Nas discussões envolvendo a sobrevivência da economia e a manutenção do emprego, o respeito à dignidade da pessoa humana, parece não convergir – ou, não temendo ser dramático, até mesmo existir –. Explico: a atuação do Estado na tentativa de garantir a perpetuação e linearidade econômica, exprimida por meio de medidas que flexibilizam a relação entabulada entre empregado e empregador, imporá a necessidade de novas interpretações não só das relações de trabalho, mas de seus limites mais nobres, objetivando a harmonização do sistema como um todo, conferindo proteção as diferentes camadas sociais para o enfrentamento da recessão.

Frente ao agravamento da desigualdade social, do aumento das taxas de desemprego, da pobreza e na reflexa ausência escolar – decorrente não só da incapacidade financeira de manter os filhos em escolas, mas também da inaptidão do Estado em estruturar, real e efetivamente, a escola pública para realizar aulas à distância –, vislumbra-se lamentavelmente esperada a tendência de crescimento do trabalho infantil e adolescente, haja visto a necessidade de ajudar os pais no sustento da família e o desinteresse na educação formal, os quais representam as raízes do trabalho infante.

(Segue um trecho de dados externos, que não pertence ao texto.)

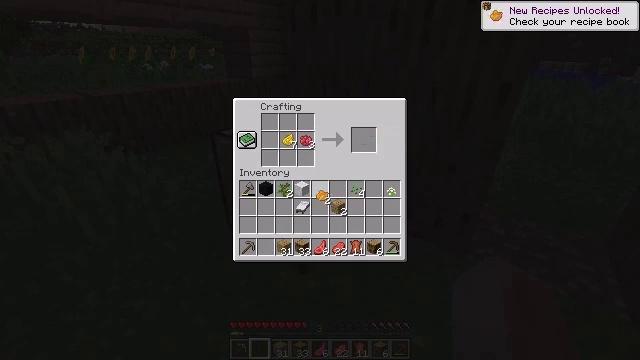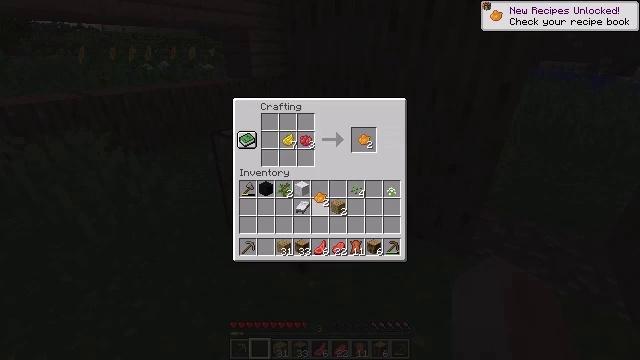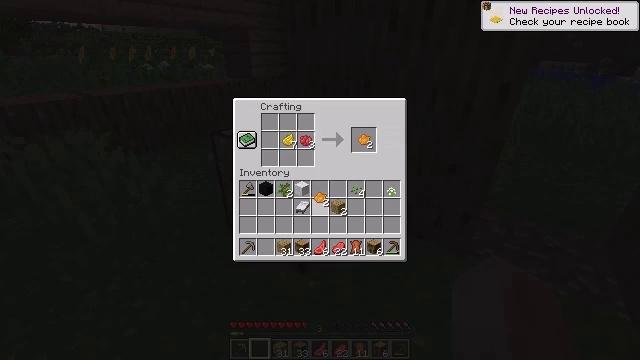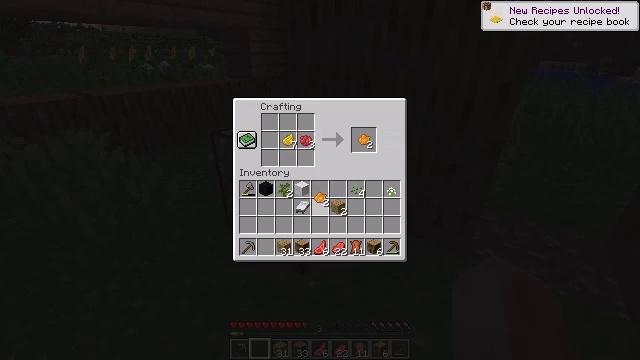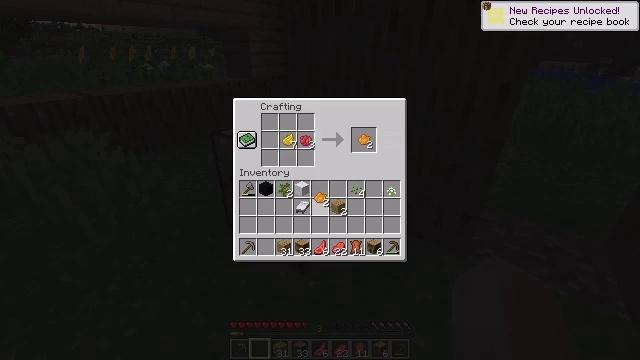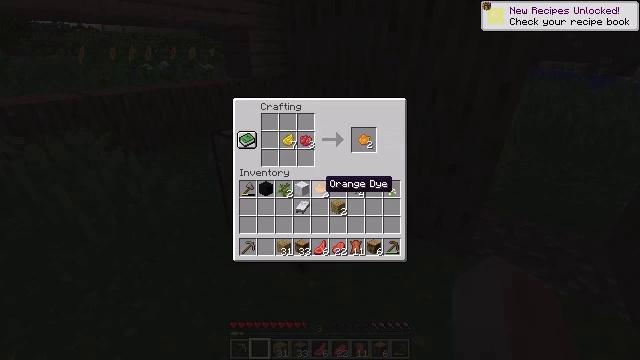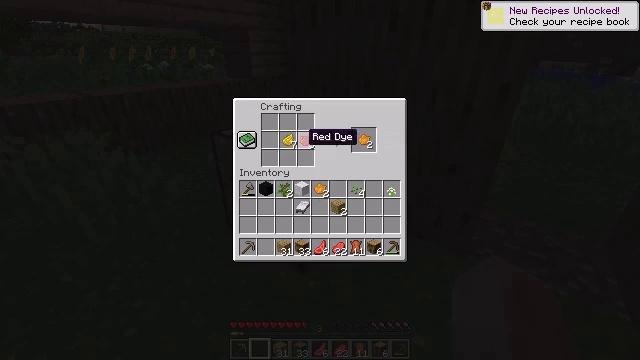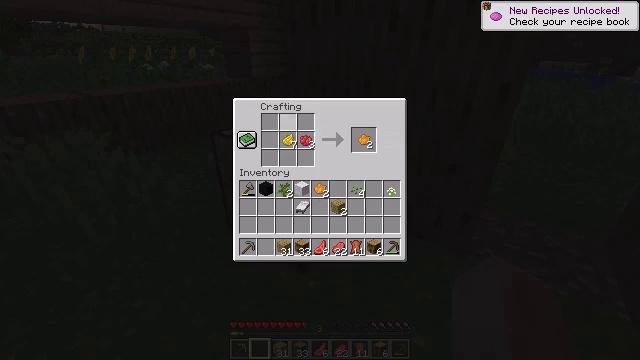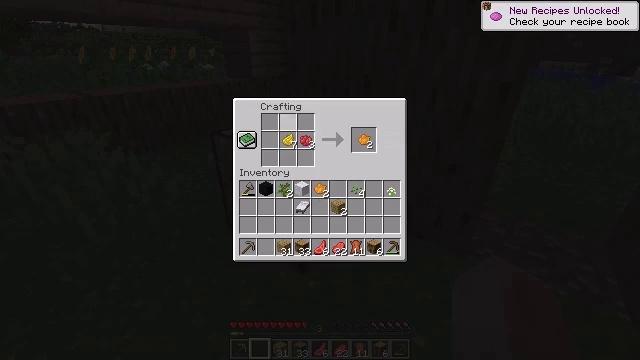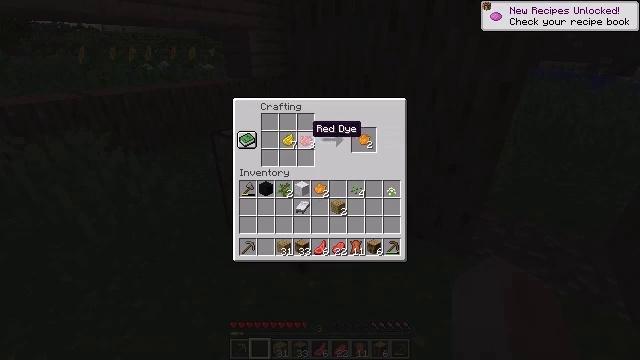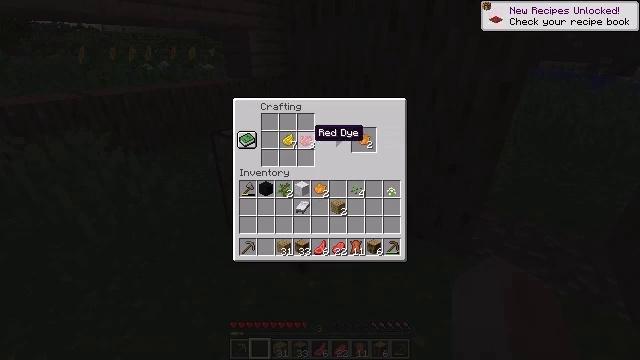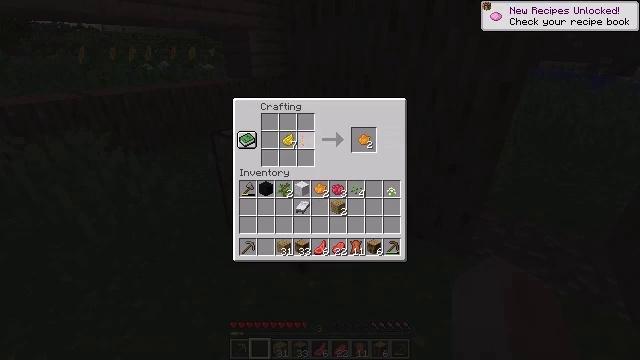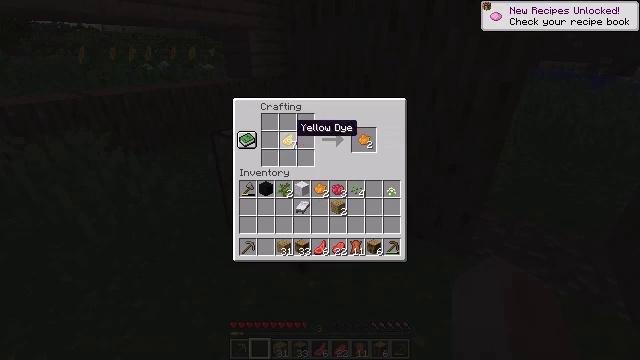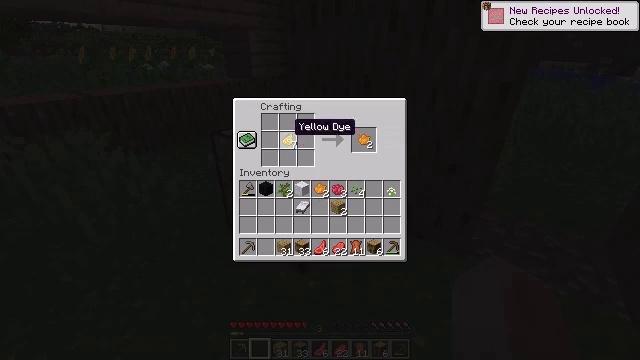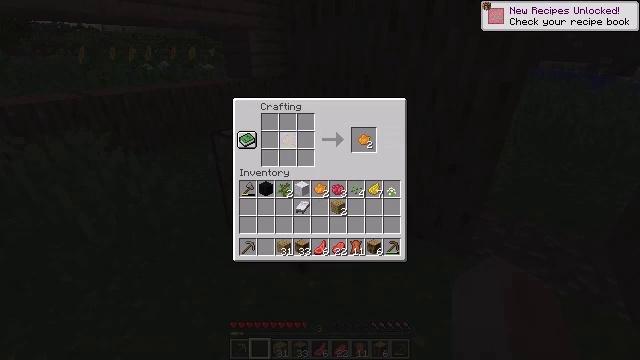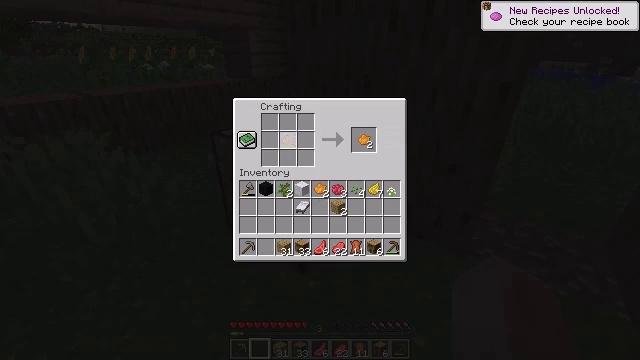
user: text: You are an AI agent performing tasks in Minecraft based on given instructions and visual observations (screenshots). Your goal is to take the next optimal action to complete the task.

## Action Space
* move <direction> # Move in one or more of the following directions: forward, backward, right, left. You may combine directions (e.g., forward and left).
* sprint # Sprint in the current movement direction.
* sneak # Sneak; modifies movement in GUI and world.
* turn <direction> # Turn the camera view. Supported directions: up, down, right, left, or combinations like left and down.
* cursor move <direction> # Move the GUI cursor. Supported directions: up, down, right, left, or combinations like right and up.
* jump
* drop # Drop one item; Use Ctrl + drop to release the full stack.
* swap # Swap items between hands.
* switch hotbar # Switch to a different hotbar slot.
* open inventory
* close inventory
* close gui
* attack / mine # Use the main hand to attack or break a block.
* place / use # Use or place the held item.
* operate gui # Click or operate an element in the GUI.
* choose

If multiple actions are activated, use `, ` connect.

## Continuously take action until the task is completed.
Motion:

Neste sentido, necessário destacar que há uma diferença entre o exercício de um ofício familiar pela criança e o trabalho propriamente dito, ou seja, não há nada que impeça uma criança de aprender um ofício da família; contudo, a obrigação da contraprestação financeira e o cumprimento da jornada de trabalho é proibido pela nossa legislação, sendo possível apenas a inserção de menores na vida laboral no caso de se tratar de contrato de menor aprendiz – o qual ainda assim exige a idade mínima de catorze anos completos ( o art. 428 da Consolidação das Leis do Trabalho).

É fato que, muitas crianças e adolescentes deixam de frequentar a escola por tempo indeterminado para permanecerem em casa, assumindo as atividades de seus responsáveis, cuidando de irmãos mais novos e demais reponsabilidades domésticas em razão da flexibilização de alguns serviços essenciais.

Seria, este, um novo escopo da exploração do trabalho infantil?

Ademais, sem descartar a principal causa da antecipação do trabalho por menores de idade, qual seja, o auxílio ao custeio financeiro familiar, como será enquadrada a situação de crianças que, tendo seus pais trabalhando remotamente dentro de casa, serão obrigadas ao trabalho doméstico – ainda que, simplesmente, cuidado do seus irmãos?

Enfim, na iminência do retrocesso, a necessidade de políticas positivas e inclusivas amparadas pela atuação de um Estado fortalecido é crucial para amortização de questões como o trabalho infantil no médio e longo prazo. Nesse sentido, a promoção de programas que reforcem ou desenvolvam novas perspectivas para os jovens afetados é imprescindível na luta por uma sociedade menos injusta.

A nova realidade que se apresenta para o contexto brasileiro possui consideráveis desafios a serem vencidos, principalmente para a eliminação do trabalho infantil, o qual ganhou relevante proporção. A tentativa de mensurar as consequências não é palpável, porém a conjuntura não parece favorável, evidenciando que as condições que afloram ao aparecimento e crescimento do trabalho infantil estarão cada vez mais presentes.